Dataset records
····················

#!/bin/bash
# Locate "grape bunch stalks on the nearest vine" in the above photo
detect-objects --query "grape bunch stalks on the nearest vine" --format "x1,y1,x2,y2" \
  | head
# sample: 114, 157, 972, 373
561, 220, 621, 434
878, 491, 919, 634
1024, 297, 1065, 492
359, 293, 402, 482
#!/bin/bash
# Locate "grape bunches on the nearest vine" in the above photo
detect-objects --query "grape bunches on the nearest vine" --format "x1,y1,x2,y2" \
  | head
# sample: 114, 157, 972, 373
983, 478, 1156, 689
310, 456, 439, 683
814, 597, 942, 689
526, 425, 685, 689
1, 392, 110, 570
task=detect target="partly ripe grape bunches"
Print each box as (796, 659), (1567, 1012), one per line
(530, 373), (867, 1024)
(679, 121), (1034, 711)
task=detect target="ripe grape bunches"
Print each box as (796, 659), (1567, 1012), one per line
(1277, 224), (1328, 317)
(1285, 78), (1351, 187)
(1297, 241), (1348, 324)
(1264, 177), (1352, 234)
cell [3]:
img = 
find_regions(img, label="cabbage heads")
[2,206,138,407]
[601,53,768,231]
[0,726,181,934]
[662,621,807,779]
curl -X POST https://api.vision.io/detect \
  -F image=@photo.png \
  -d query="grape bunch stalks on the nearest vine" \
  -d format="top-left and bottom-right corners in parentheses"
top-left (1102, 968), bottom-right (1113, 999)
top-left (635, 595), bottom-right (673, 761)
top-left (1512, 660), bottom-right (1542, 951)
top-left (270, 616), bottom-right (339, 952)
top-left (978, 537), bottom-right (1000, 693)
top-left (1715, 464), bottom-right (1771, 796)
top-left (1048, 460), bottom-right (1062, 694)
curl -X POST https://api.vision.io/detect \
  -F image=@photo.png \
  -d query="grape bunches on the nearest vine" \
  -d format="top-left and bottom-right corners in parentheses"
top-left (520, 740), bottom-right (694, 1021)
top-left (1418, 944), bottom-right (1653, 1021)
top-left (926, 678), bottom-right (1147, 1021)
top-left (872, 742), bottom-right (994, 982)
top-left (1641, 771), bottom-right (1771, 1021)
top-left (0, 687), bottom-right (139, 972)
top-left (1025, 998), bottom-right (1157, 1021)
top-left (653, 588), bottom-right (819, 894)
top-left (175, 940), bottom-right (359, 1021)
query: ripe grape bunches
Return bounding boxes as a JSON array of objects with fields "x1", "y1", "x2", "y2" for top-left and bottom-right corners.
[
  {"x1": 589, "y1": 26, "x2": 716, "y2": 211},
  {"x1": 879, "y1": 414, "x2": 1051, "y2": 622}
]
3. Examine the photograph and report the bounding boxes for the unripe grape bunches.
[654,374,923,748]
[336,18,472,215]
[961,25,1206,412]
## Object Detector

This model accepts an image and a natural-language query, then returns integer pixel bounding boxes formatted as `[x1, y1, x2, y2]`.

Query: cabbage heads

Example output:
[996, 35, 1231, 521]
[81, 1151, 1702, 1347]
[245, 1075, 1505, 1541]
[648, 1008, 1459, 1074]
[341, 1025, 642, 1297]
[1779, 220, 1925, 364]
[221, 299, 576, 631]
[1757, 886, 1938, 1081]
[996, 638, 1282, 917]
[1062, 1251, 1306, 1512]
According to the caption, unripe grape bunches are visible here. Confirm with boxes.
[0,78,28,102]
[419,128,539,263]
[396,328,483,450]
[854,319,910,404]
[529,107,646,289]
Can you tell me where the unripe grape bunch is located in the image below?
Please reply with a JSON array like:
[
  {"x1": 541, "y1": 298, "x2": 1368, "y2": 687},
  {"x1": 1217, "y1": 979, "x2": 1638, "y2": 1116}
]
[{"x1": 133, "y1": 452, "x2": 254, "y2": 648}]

····················

Give the data back in full, exactly as written.

#!/bin/bash
# Locate "grape bunch stalks on the nearest vine" in the above photo
detect-objects --query "grape bunch stalks on the nearest vine" --format "x1,y1,x2,y2" \
  | head
# sample: 114, 157, 972, 373
561, 220, 621, 434
878, 491, 919, 634
1024, 297, 1065, 492
359, 293, 402, 482
#!/bin/bash
# Locate "grape bunches on the nearest vine" in the above photo
detect-objects --query "grape bunches on the nearest vine" --format "x1,y1,x2,y2" \
  | head
# sample: 114, 157, 972, 373
983, 478, 1156, 689
310, 456, 439, 683
814, 597, 942, 689
526, 425, 685, 689
1, 392, 110, 570
task=detect target="partly ripe grape bunches"
Print each box as (796, 659), (1567, 1012), one per line
(530, 373), (867, 1024)
(679, 121), (1034, 711)
task=detect target="ripe grape bunches"
Print each box as (796, 659), (1567, 1012), one per line
(1277, 224), (1328, 317)
(1285, 78), (1351, 187)
(1297, 241), (1348, 324)
(1264, 177), (1352, 234)
cell [3]:
img = 
find_regions(img, label="cabbage heads")
[2,206,138,407]
[601,53,768,231]
[0,726,181,934]
[662,621,807,779]
curl -X POST https://api.vision.io/detect \
  -F image=@photo.png \
  -d query="grape bunch stalks on the nearest vine" \
  -d format="top-left and bottom-right corners in parentheses"
top-left (1102, 968), bottom-right (1113, 999)
top-left (635, 595), bottom-right (673, 761)
top-left (1512, 660), bottom-right (1542, 951)
top-left (270, 616), bottom-right (339, 952)
top-left (978, 537), bottom-right (1000, 693)
top-left (1715, 464), bottom-right (1771, 796)
top-left (1048, 460), bottom-right (1062, 694)
curl -X POST https://api.vision.io/detect \
  -F image=@photo.png \
  -d query="grape bunches on the nearest vine" \
  -d format="top-left and bottom-right corners in parentheses"
top-left (520, 740), bottom-right (694, 1021)
top-left (1418, 944), bottom-right (1653, 1021)
top-left (926, 678), bottom-right (1147, 1021)
top-left (872, 742), bottom-right (994, 982)
top-left (1641, 771), bottom-right (1771, 1021)
top-left (0, 687), bottom-right (139, 972)
top-left (1025, 998), bottom-right (1157, 1021)
top-left (653, 588), bottom-right (819, 894)
top-left (175, 940), bottom-right (359, 1021)
query: ripe grape bunches
Return bounding boxes as a JSON array of objects with fields "x1", "y1", "x2", "y2" for top-left and bottom-right corners.
[
  {"x1": 589, "y1": 26, "x2": 716, "y2": 211},
  {"x1": 879, "y1": 414, "x2": 1051, "y2": 622}
]
3. Examine the photograph and report the bounding boxes for the unripe grape bunches.
[654,374,923,748]
[336,18,472,215]
[961,25,1206,412]
## Object Detector

This model accepts an image and a natural-language query, then returns integer pixel bounding boxes formatted as `[x1, y1, x2, y2]`.

Query: cabbage heads

Example output:
[996, 35, 1231, 521]
[81, 1151, 1702, 1347]
[245, 1075, 1505, 1541]
[648, 1008, 1459, 1074]
[341, 1025, 642, 1297]
[1779, 220, 1925, 364]
[221, 299, 576, 631]
[1757, 886, 1938, 1081]
[996, 638, 1282, 917]
[1062, 1251, 1306, 1512]
According to the caption, unripe grape bunches are visible here. Confirm with boxes.
[0,78,28,102]
[419,128,539,263]
[396,328,483,450]
[854,319,910,404]
[529,107,646,289]
Can you tell me where the unripe grape bunch is located in the image below?
Please reply with a JSON array like:
[
  {"x1": 541, "y1": 298, "x2": 1368, "y2": 687},
  {"x1": 1217, "y1": 979, "x2": 1638, "y2": 1116}
]
[{"x1": 133, "y1": 452, "x2": 254, "y2": 648}]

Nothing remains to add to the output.